From Bursting the Atmosphere: what happens when rain falls up? (http://trafn.com/burstatmosphere.pdf)

And one worry this paper address is that we will find that water vapor raise above this last layer, maybe even reach a height where it can disappear from gravity. If that happens there will be a very dry planet for us to survive on. But all of this are guesses. It's a new situation for us, maybe not for Earth though :) It seems as we already have had two instances where methane have gone wild f.ex without us losing the water vapor to space.

So I hope that scenario only will be that, a scenario that is. Still, we do know that methane seems to have gotten loose before, and, if it would do so again? from the frozen deposits under under our oceans, well, then we will be all to late for us, and that's why the tundras releases worries me so much. A lot of people studying geology and Earth’s history says the same. At the Permian-Triassic extinction event . (Around 280 to 230 million years ago) and at the Paleocene-Eocene Thermal Maximum (63-40 millions years ago), the beginning of what life we know today, this scenario seems to have happened twice already.

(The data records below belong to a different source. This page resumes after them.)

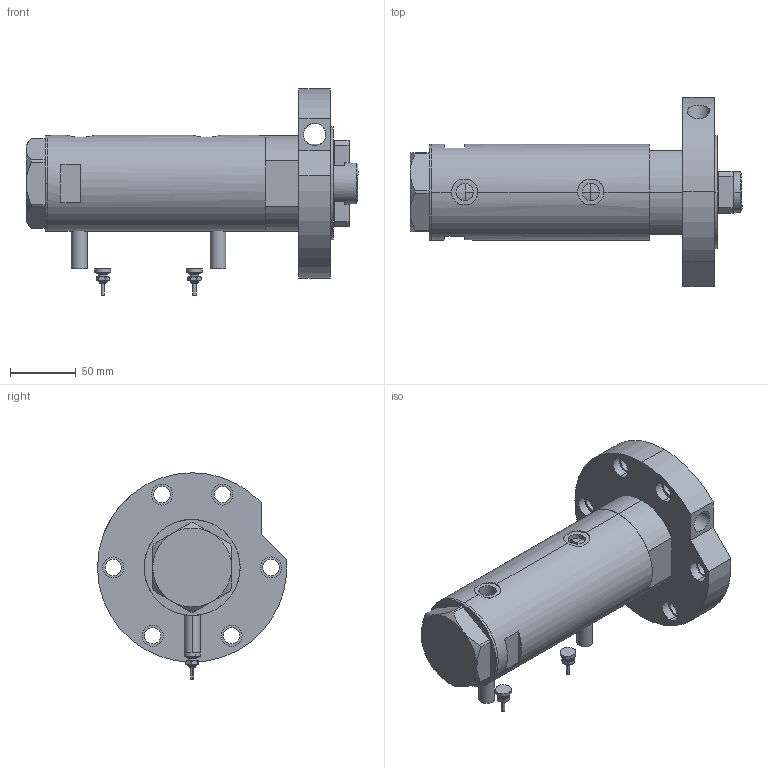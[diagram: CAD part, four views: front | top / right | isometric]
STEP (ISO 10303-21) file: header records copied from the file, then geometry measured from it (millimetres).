
FILE_DESCRIPTION (( 'STEP AP203' ), '1' );
FILE_NAME ('ed07.STEP', '2024-02-11T08:37:49', ( '' ), ( '' ), 'SwSTEP 2.0', 'SolidWorks 2019', '' );
FILE_SCHEMA (( 'CONFIG_CONTROL_DESIGN' ));
Length unit declared in the file: millimetre
Products named in the file (8): V270CG_BACK 51228971cb826c600bdfcad61ef8aafc; ed07; Switch 51228971cb826c600bdfcad61ef8aafc; V270CG_RF211D 51228971cb826c600bdfcad61ef8aafc; V270CG_VC 51228971cb826c600bdfcad61ef8aafc; V270CG_RF211E 51228971cb826c600bdfcad61ef8aafc; V270CG_MIDDLE 51228971cb826c600bdfcad61ef8aafc; V270CG_FRONT 51228971cb826c600bdfcad61ef8aafc
Assembly tree (9 placements, depth 2):
  ed07
    V270CG_MIDDLE 51228971cb826c600bdfcad61ef8aafc
    V270CG_BACK 51228971cb826c600bdfcad61ef8aafc
    V270CG_FRONT 51228971cb826c600bdfcad61ef8aafc
    V270CG_VC 51228971cb826c600bdfcad61ef8aafc
    V270CG_RF211D 51228971cb826c600bdfcad61ef8aafc  x2
    V270CG_RF211E 51228971cb826c600bdfcad61ef8aafc
    Switch 51228971cb826c600bdfcad61ef8aafc  x2
Bounding box: 252.5 x 143.75 x 157 mm (x, y, z)
Volume: 1189201.1 mm3; surface area: 210903.7 mm2
Topology: 9 solids, 9 shells, 296 faces, 669 edges, 419 vertices
Faces by surface type: cylinder 120, plane 112, cone 40, torus 24
Entity records: 8289 total; most frequent: CARTESIAN_POINT 2038, DIRECTION 1197, ORIENTED_EDGE 1050, EDGE_CURVE 525, AXIS2_PLACEMENT_3D 496, VERTEX_POINT 331, EDGE_LOOP 282, CIRCLE 254

And at the Permian-Triassic extinction around 96 percent of all sea life and 70 percent of Earth’s land animals died, To be gone , never, ever, coming back, and furthermore, it is also the only known mass extinction of insects. 57% of all families and around 83% of all related gene groups/materials were killed. We’re still paying our dues for that one in reduced genetic materials etc, although it happened a quarter of a billion years ago.

But I think we can see a beginning of a change in the rain and cloud formations/canopies developing over a lot of Europe recently falling out as rain and snow. Those cloud formations won't stop the input from the sun though, neither will they stop the releases of new man made CO2, binding even more heat in the atmosphere and accelerating the methane releases from the tundra etc, but it will make the weather locally cooler in a lot of places, over a extended period of time.

Unfortunately enough they seem to occur over just the same areas that would have the greatest financial and scientific abilities to do something about it, and as people locally will see the heat not accelerating due to cloud covers my guess is that a lot of people will presume that there is little ground for the warnings from the scientific community.

But most of this are my own assumptions, even if I personally think they are correct and supported by the data I've seen so far. Earth is a very big (to us that is:) non-linear system and we will be one step behind whatever processes happening, remember that we only have started to investigate the atmosphere on a world-wide basis quite recently, and I'm expecting new surprises as time ticks on.

That Earth is described by me as being 'non linear' means that I believe that when the change reaches a certain state, the 'system' (Earth) can tip over to another state of climate fairly quick, and by then we will just have to hold on to our hats :) Hope I answered some of your thoughts here. And yeah, wish I could paint a brighter picture.